Easiest solution: Install the nextcloud client on a different machine and do what I need to do¬†or attempt to update the ATI video driver and hope that it resolves the issue. The former is a much more assured way to resolve it, though, so that’s what I did.

When developing programs, it’s important to consider that exceptions might occur in third-party dependencies. This mightn’t be the most productive error messages for users to figure out what’s going on. In fact, I whole-heartedly believe that if I hadn’t ever dealt with loading libraries or debugging, I’d have no clue as to why the program was broken.

This makes the error message one of the world’s crappiest error messages simply because it is inactionable by a user, if a user hasn’t the necessary tools and experience explained above.

So, then, what is the point of the error message?

I get the point, don’t get me wrong, in that lets someone know something went wrong. However, the general nature of the error message, itself, leads much to be desired. What library was it trying to load? Why did it fail? I’m sure I could eventually find a mapping for the NT Status errors that relate to this but why should I, as an end-user, have to resort to that level of depth just to figure out the problem?
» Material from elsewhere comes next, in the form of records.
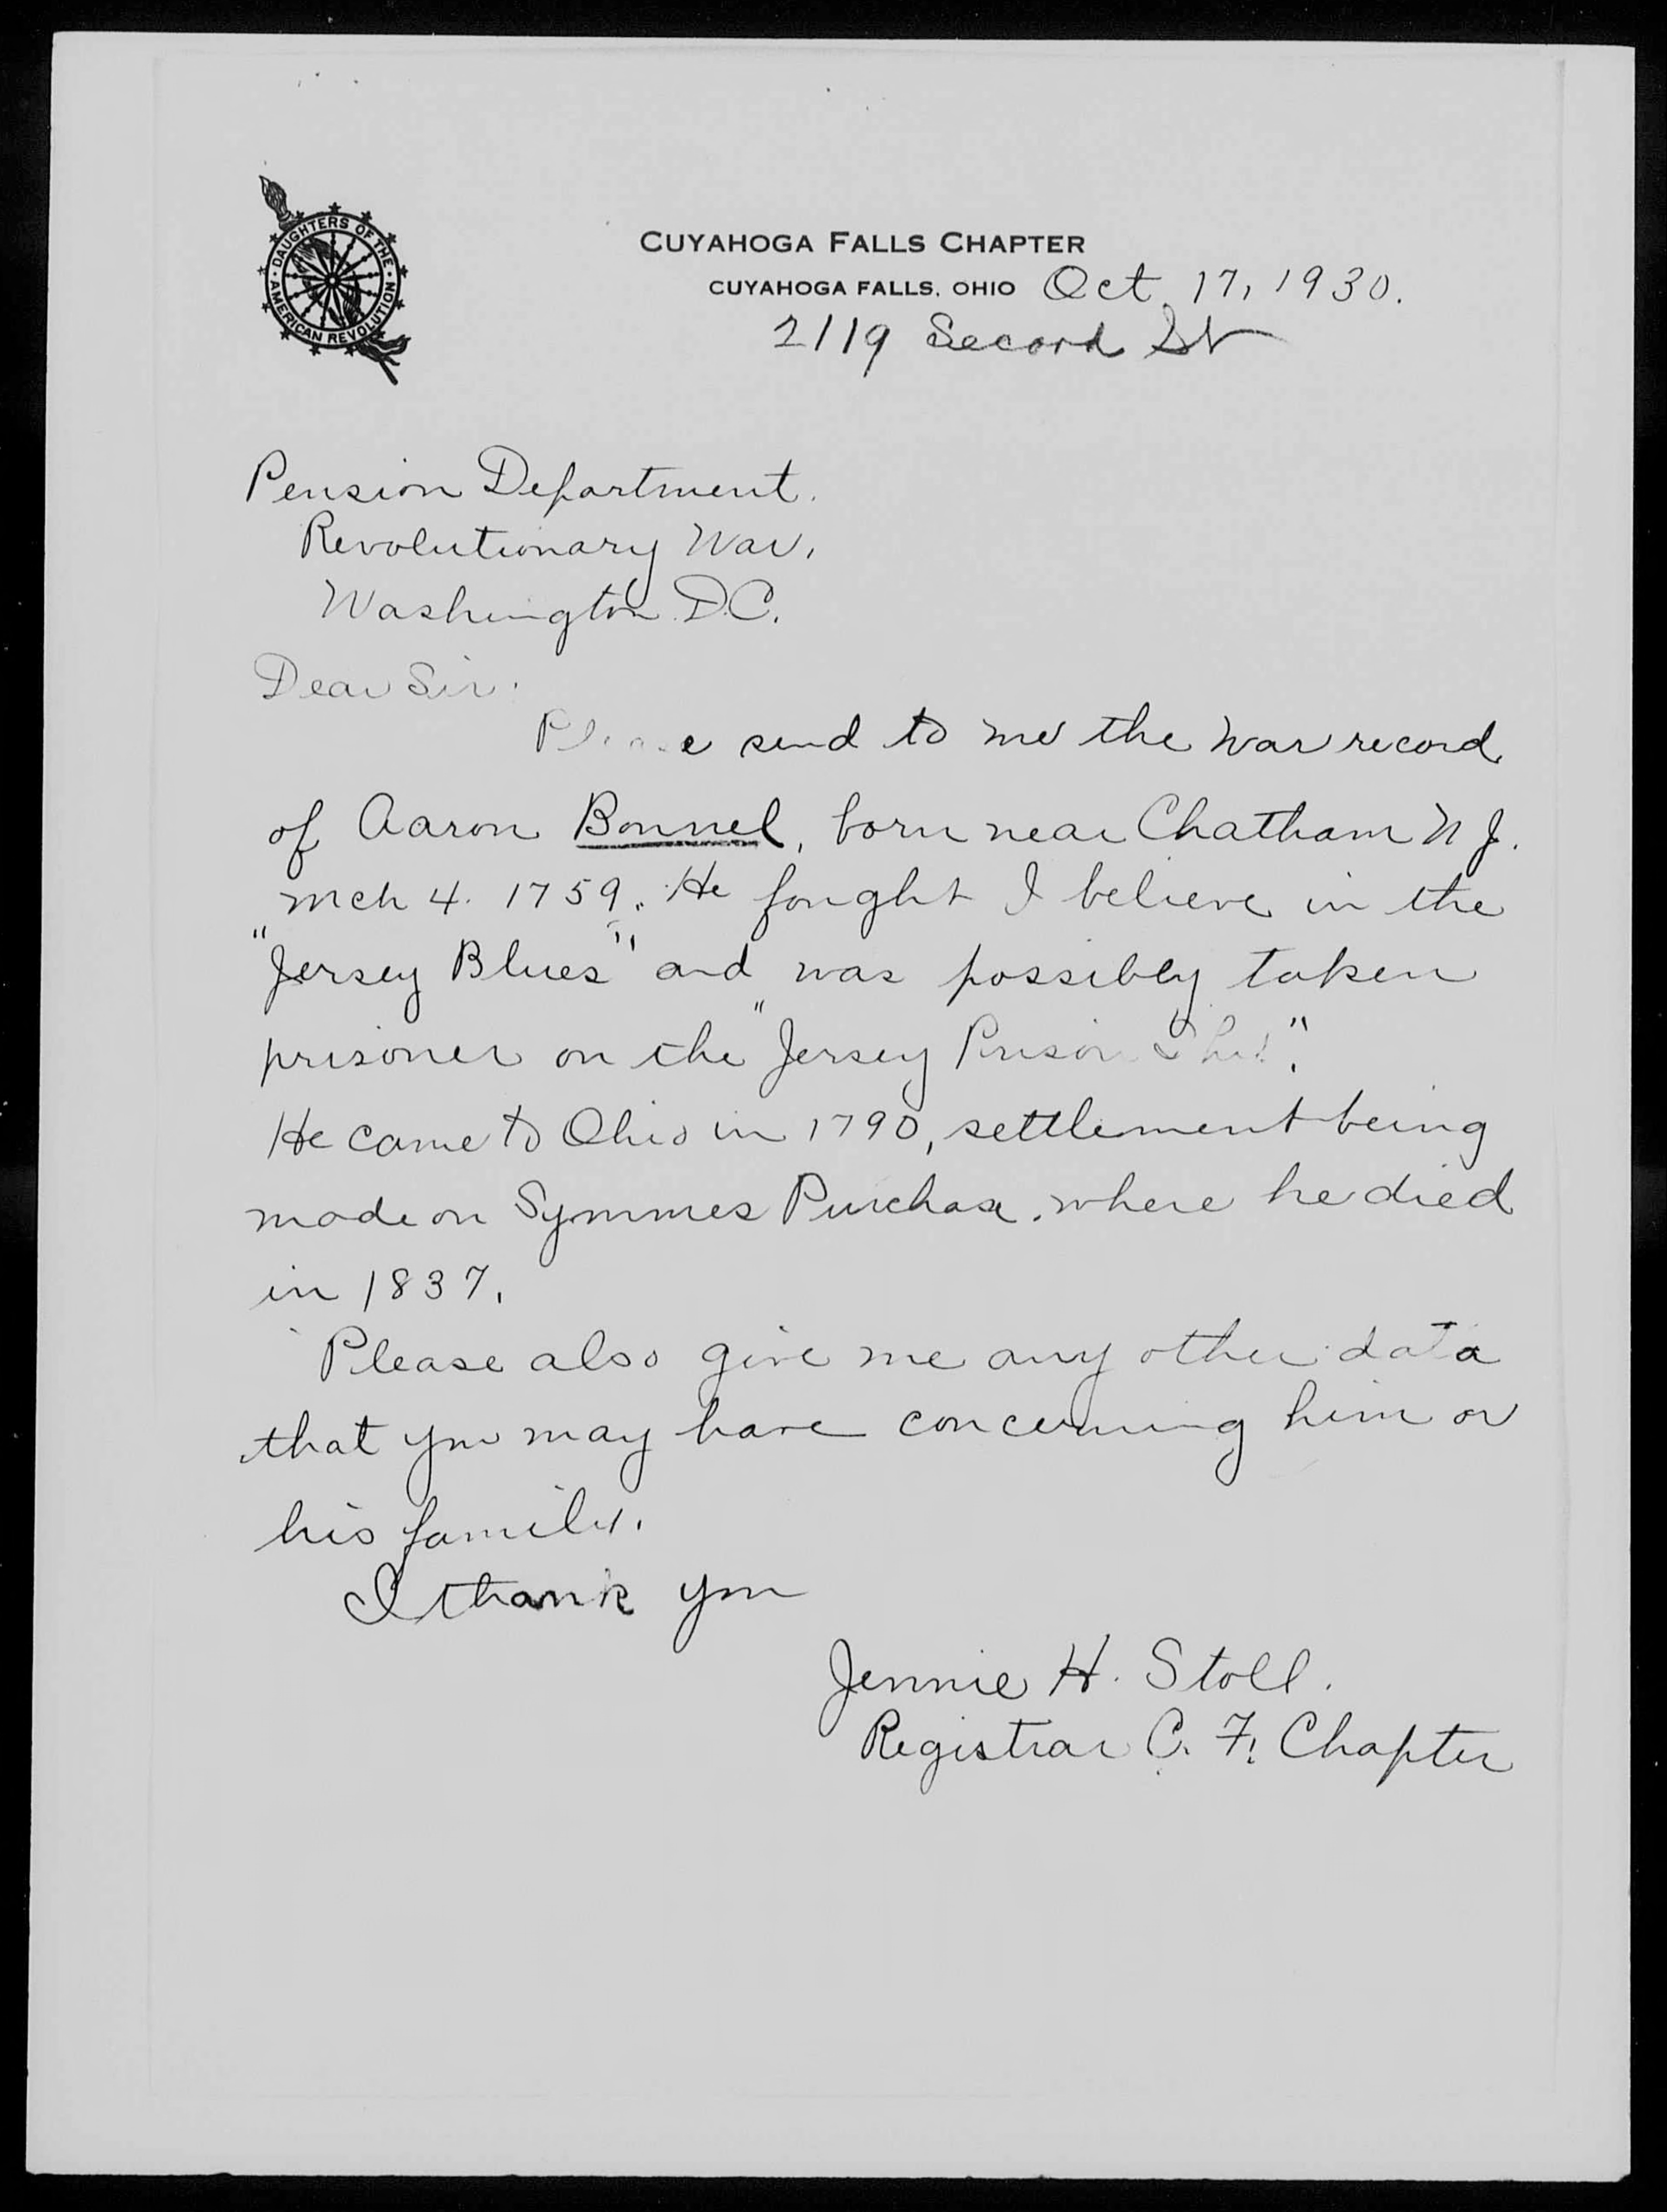Daughters of the American Revolution
Cuyahoga Falls Chapter
Cuyahoga Falls, Ohio  Oct 17, 1930
2119 Second St

Pension Department
Revolutionary War,
Washington D.C.
Dear Sir:
Please send to me the war record of Aaron Bonnel, born near Chathan NJ. Mch 4, 1759.  He fought I believe in the "Jersey Blues" and was possibly taken prisoner on the Jersey Prison Ship."   He came to Ohio in 1790, settlement being made on Symmes Purchase, where he died in 1837.
Please also give me any other data that you may have concerning him or his family.
I thank you

Jennie H. Stoll
Registrar C.F. Chapter

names: Aaron Bonnel, Jennie H Stoll
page: 63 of 67
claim: rejected
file: R. 1009, Aaron Bonnel, New Jersey

The problem is shared between the application writers (nextcloud), GDI, OpenGL, and ATI. Each layer should expect an exception to be possible and to trap and raise it with the requisite information to make it actionable.

This is just… “Something happened. Good luck!”

Thanks for coming to this TEDTalk and I hope that it hasn’t bored you to death, despite it’s brevity.